Shakespeare used it too, as when the Earl of Kent is speaking to himself in King Lear:

If but as well I other accents borrow,
That can my speech diffuse, my good intent
May carry through itself to that full issue
For which I razed my likeness. Now, banished Kent,
If thou canst serve where thou dost stand condemned,
So may it come thy master, whom thou lovest,
Shall find thee full of labors.

(See Vocative Constructions in the Language of Shakespeare by Beatrix Busse for more.)
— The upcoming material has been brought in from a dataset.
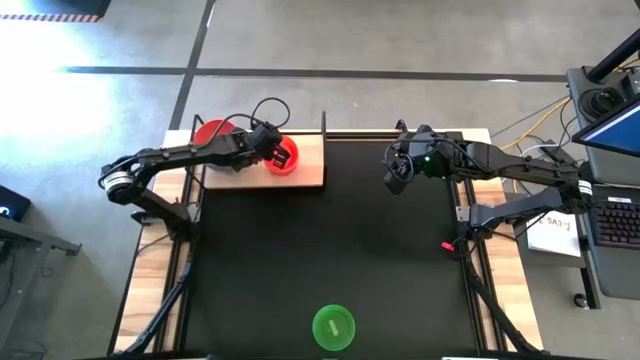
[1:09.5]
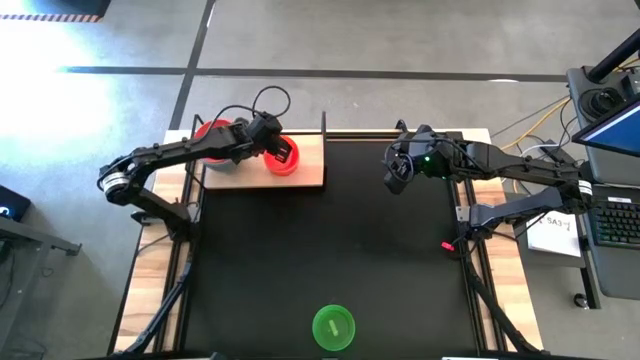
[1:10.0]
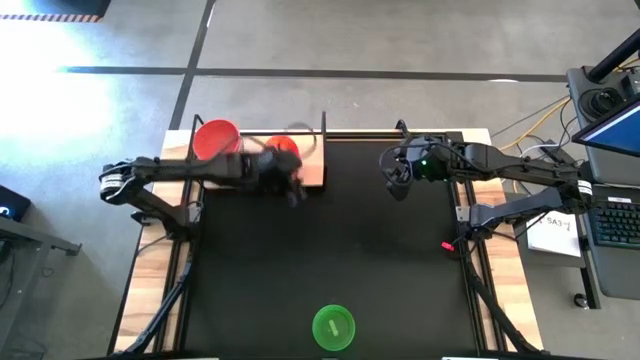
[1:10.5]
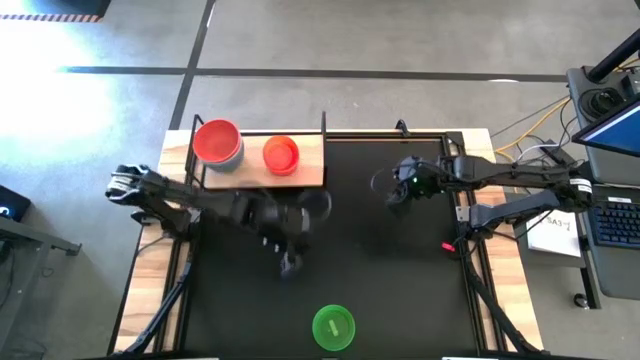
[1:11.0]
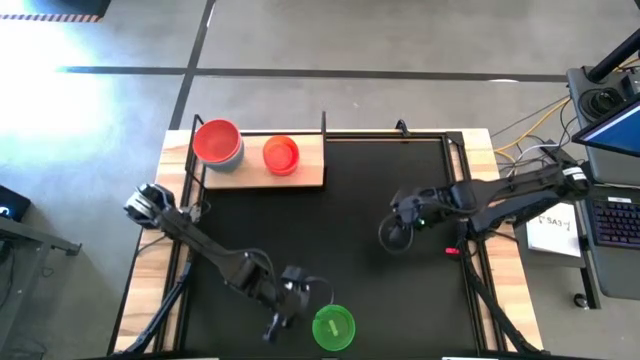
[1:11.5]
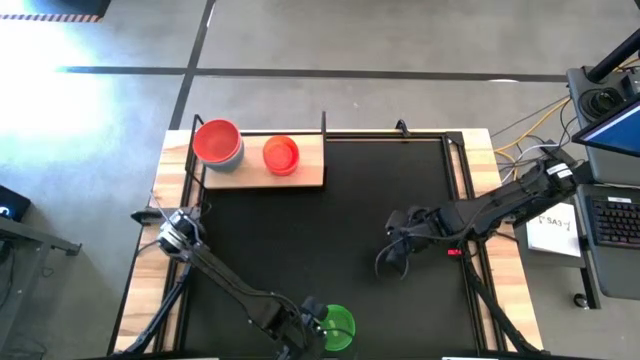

In these literary examples, a character uses a construction associated with second-person address to turn an interior monologue into a kind of dialogue. People in real life can do that too, for instance when chastising oneself with one's own name. Stephen Colbert used to do that in a jokey way on his old Comedy Central show, The Colbert Report. At the very end of this clip, for instance, you can hear him say, "Get it together, Colbert! Get it together!" (As noted by Mr. Verb, when Colbert was addressing himself, he would lapse into the original family pronunciation of his last name, "COLE-bert," rather than "cole-BEAR.")


----------



## Seattleoperafan (Mar 24, 2013)

russetvelvet said:


> http://languagelog.ldc.upenn.edu/nll/?p=30069
> 
> Vocative self-address can be found in classical literature, for instance in Idyll XI by the bucolic poet Theocritus. The Cyclops Polyphemus addresses himself using the Greek rhetorical device of apostrophe:
> 
> ...


This is why I keep coming back to this forum Thanks. This is exactly the type of self reference I was addressing. I figured it might be classical in origen.


----------



## Pugg (Aug 8, 2014)

Seattleoperafan said:


> This is why I keep coming back to this forum Thanks. This is exactly the type of self reference I was addressing. I figured it might be classical in origen.


As I always say, one learning new things every day on this site.


----------



## MarkW (Feb 16, 2015)

"Is Ahab Ahab? Is it I, God, or who that lifts this hand? . . . " (from Moby Dick)


----------



## Tuoksu (Sep 3, 2015)

"Avrai per guanciali sol vepri, o Macbetto! Il sonno per sempre, Glamis, uccidesti. Non v'è che vigilia, Caudore, per te" Macbeth uses three names to address himself even.


----------



## DavidA (Dec 14, 2012)

oh yes, Wagner's characters do that. Tristan and ~Isolde


----------